→ **EXERCISE DETAILS**
Where does "with" appear in the data? Return each line that holds it.

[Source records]
■ ■ ■ ■ ■ ■ ■

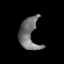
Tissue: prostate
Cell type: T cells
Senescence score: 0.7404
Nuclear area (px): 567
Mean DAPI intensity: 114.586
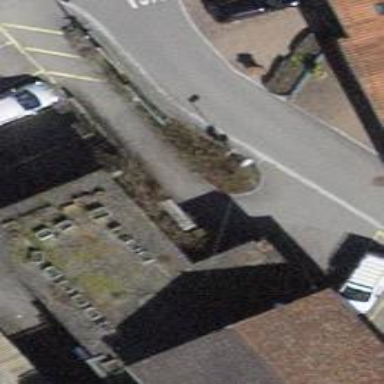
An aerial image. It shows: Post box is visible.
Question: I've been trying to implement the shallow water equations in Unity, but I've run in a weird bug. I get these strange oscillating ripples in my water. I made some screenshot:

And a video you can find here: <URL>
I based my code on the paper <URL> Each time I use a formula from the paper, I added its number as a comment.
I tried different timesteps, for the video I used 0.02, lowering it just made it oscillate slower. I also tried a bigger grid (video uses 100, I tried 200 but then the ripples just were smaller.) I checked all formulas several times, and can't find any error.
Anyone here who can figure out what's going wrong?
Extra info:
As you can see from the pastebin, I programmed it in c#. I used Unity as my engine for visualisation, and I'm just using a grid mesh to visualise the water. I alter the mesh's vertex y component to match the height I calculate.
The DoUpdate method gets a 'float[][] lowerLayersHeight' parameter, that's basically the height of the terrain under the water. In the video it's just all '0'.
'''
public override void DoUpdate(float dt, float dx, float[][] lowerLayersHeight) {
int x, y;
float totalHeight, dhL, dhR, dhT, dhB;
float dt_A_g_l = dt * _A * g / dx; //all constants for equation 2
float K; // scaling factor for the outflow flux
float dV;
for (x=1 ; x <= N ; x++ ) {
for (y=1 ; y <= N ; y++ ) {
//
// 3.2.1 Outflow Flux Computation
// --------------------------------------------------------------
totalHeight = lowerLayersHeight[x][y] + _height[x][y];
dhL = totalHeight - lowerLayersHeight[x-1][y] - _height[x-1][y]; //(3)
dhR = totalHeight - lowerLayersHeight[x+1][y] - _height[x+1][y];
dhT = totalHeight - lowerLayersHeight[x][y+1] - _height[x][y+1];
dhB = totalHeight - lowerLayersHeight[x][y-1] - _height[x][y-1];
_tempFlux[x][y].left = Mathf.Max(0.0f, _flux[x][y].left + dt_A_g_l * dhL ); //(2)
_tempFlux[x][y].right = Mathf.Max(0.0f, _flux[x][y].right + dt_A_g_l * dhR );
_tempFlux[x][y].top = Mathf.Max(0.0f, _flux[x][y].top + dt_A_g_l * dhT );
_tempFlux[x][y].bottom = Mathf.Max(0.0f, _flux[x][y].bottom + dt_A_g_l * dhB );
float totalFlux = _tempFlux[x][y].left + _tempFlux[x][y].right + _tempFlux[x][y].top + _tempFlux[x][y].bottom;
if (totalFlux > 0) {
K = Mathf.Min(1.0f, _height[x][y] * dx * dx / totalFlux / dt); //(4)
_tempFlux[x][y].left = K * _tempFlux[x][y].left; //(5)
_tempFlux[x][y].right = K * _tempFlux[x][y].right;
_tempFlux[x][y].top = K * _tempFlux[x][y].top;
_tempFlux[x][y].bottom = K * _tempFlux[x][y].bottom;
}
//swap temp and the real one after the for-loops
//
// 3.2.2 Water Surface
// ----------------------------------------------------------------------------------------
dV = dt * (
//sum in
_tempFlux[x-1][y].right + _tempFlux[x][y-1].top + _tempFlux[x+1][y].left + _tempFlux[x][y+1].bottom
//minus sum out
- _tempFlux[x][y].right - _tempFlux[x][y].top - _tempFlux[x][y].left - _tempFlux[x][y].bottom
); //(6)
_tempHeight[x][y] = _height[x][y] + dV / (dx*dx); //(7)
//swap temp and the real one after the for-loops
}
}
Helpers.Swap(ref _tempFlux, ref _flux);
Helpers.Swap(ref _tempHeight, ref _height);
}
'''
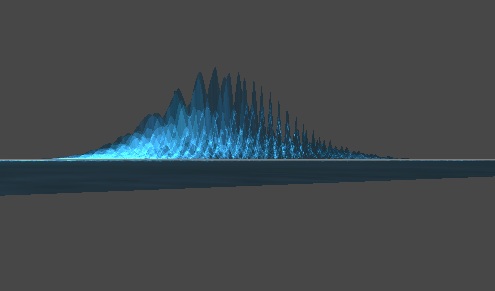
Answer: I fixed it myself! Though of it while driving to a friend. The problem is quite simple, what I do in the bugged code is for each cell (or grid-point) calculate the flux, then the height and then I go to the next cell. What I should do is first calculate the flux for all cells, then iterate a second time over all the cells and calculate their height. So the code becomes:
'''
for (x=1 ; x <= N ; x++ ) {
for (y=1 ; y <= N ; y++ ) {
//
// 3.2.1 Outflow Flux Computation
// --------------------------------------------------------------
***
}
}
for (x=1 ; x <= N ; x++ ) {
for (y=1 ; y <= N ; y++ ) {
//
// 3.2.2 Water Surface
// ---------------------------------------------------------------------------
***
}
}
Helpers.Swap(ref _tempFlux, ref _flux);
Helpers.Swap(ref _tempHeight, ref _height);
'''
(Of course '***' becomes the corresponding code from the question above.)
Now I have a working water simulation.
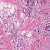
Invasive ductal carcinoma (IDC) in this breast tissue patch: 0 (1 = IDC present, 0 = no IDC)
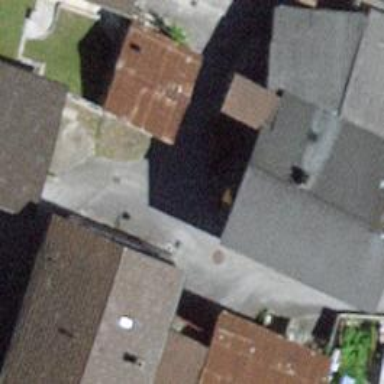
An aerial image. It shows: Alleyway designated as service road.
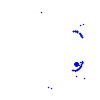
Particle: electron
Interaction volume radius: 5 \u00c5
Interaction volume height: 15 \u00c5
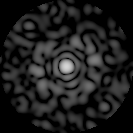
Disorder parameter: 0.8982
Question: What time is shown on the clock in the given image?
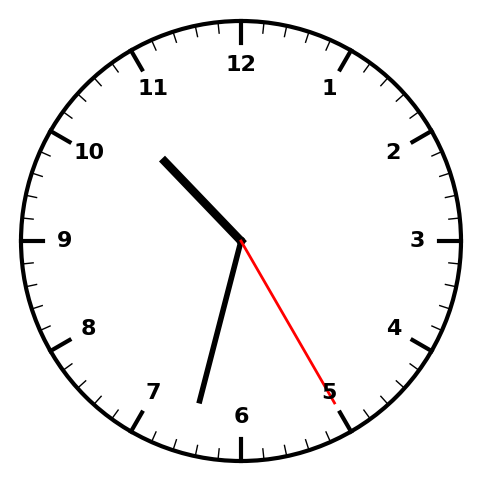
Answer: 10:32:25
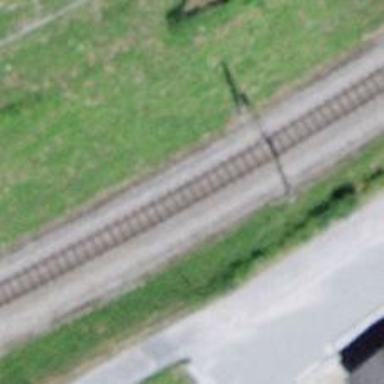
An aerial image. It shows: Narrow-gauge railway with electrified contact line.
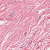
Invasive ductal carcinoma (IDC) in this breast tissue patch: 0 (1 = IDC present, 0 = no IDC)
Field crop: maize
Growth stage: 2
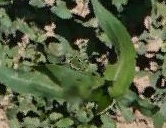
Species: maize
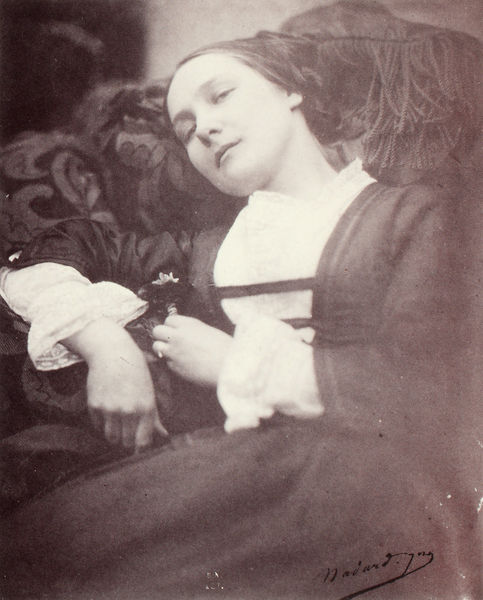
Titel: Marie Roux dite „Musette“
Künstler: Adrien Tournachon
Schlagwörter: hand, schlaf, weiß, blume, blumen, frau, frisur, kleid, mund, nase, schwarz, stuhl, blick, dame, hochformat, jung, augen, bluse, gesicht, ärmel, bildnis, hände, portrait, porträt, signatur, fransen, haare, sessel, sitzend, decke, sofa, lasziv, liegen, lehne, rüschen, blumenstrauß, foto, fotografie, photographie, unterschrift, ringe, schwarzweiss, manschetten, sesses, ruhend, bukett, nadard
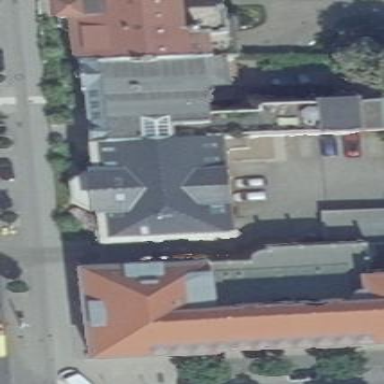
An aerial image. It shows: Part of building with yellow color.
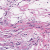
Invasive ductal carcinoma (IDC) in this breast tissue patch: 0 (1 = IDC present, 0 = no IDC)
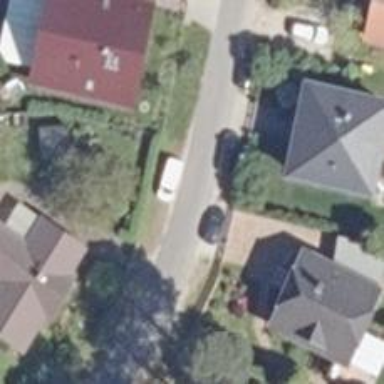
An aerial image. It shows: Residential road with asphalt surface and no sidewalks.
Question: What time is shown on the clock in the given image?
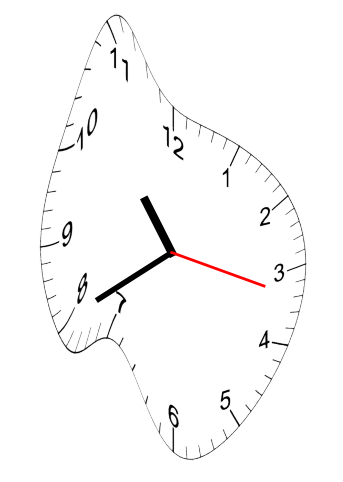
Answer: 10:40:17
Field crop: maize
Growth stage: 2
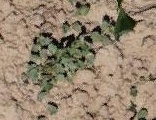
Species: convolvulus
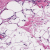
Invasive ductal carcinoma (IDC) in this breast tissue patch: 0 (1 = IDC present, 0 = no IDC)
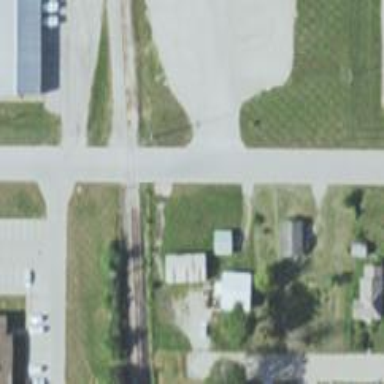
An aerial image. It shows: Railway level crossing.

■ ■ ■ ■ ■ ■ ■

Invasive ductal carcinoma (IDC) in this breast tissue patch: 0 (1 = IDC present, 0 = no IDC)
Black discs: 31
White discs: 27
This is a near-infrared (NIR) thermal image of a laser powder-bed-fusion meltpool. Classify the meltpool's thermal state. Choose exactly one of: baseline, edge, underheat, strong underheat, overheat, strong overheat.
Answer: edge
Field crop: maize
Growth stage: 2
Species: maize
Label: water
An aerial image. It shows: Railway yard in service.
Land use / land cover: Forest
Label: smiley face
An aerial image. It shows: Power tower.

■ ■ ■ ■ ■ ■ ■

→ **YOUR RESPONSE**
An aerial image. It shows: Narrow-gauge railway with electrified contact line.
An aerial image. It shows: Part of building with yellow color.
An aerial image. It shows: Residential road with asphalt surface and no sidewalks.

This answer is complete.